Abstract

Although biliary vesicles are considered to be the primary source of cholesterol found in cholesterol gallstones, difficulties in quantitatively separating the different cholesterol transport modes in bile still remain. Proton nuclear magnetic resonance spectroscopy ( 1H-NMR) offers an alternative approach. Investigations were carried out on both model biles and human gallbladder bile samples: (i) to follow the effect of increasing sodium glycocholate concentrations on the 1H-NMR spectra of arachidonic acid rich-phospholipid, and cholesterol-lecithin vesicles, (ii) to compare the concentrations of total phospholipids in bile determined enzymatically with those obtained by integration of the phospholipid choline head group resonance peak, and (iii) to examine the relationship between biliary cholesterol nucleation time (NT) and the areas of the biliary lipid 1H-NMR peaks.
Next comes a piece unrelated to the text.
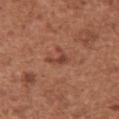{"biopsy_status": "not biopsied; imaged during a skin examination", "lighting": "white-light", "patient": {"sex": "female", "age_approx": 50}, "automated_metrics": {"area_mm2_approx": 2.5, "shape_asymmetry": 0.55, "border_irregularity_0_10": 5.5, "nevus_likeness_0_100": 30, "lesion_detection_confidence_0_100": 100}, "site": "right upper arm", "lesion_size": {"long_diameter_mm_approx": 2.5}, "image": {"source": "total-body photography crop", "field_of_view_mm": 15}}

It was found that the molecular motions of vesicle phospholipid, as determined by 1H-NMR, were restricted by saturation with cholesterol. In bile from patients with cholesterol gallstones, the reduced NMR fluidity of the phospholipid choline-head group indicated that the proportion of cholesterol-phospholipid vesicles containing more than 50% cholesterol, on a molar basis, was increased. The ratios of the N +(CH 3) 3 and = CH proton resonance peaks showed no overlap between samples with cholesterol gallstones and shorter NT and those with either no gallstones or pigment stones and longer NT. 1H-NMR spectroscopy indicates in a non-invasive manner those biles which are prone to cholesterol crystal formation.